* _TASK GOAL_:
Please reproduce each line of the data below exactly as shown.

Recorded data
*** Block opens ***

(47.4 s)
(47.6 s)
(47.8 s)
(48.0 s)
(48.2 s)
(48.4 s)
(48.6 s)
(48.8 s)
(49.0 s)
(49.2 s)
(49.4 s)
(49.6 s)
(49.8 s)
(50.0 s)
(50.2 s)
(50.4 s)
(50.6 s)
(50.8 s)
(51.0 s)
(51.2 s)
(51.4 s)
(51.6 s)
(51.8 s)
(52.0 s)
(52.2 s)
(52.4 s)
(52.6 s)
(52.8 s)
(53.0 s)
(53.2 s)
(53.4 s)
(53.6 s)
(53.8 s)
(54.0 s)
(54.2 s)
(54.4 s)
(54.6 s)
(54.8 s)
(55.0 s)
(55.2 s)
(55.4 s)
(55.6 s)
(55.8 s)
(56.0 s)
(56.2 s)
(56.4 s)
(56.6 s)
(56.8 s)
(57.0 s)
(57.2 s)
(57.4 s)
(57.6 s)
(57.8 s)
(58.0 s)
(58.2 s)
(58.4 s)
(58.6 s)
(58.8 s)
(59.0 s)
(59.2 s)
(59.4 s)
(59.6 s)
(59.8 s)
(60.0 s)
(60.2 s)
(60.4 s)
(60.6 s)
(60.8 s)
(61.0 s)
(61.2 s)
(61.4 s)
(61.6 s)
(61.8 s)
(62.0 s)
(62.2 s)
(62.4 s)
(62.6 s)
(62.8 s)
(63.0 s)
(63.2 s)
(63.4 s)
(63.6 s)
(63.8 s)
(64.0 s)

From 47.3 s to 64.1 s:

*** Block closes ***

* _EXPECTED ANSWER_:
(47.4 s)
(47.6 s)
(47.8 s)
(48.0 s)
(48.2 s)
(48.4 s)
(48.6 s)
(48.8 s)
(49.0 s)
(49.2 s)
(49.4 s)
(49.6 s)
(49.8 s)
(50.0 s)
(50.2 s)
(50.4 s)
(50.6 s)
(50.8 s)
(51.0 s)
(51.2 s)
(51.4 s)
(51.6 s)
(51.8 s)
(52.0 s)
(52.2 s)
(52.4 s)
(52.6 s)
(52.8 s)
(53.0 s)
(53.2 s)
(53.4 s)
(53.6 s)
(53.8 s)
(54.0 s)
(54.2 s)
(54.4 s)
(54.6 s)
(54.8 s)
(55.0 s)
(55.2 s)
(55.4 s)
(55.6 s)
(55.8 s)
(56.0 s)
(56.2 s)
(56.4 s)
(56.6 s)
(56.8 s)
(57.0 s)
(57.2 s)
(57.4 s)
(57.6 s)
(57.8 s)
(58.0 s)
(58.2 s)
(58.4 s)
(58.6 s)
(58.8 s)
(59.0 s)
(59.2 s)
(59.4 s)
(59.6 s)
(59.8 s)
(60.0 s)
(60.2 s)
(60.4 s)
(60.6 s)
(60.8 s)
(61.0 s)
(61.2 s)
(61.4 s)
(61.6 s)
(61.8 s)
(62.0 s)
(62.2 s)
(62.4 s)
(62.6 s)
(62.8 s)
(63.0 s)
(63.2 s)
(63.4 s)
(63.6 s)
(63.8 s)
(64.0 s)

From 47.3 s to 64.1 s:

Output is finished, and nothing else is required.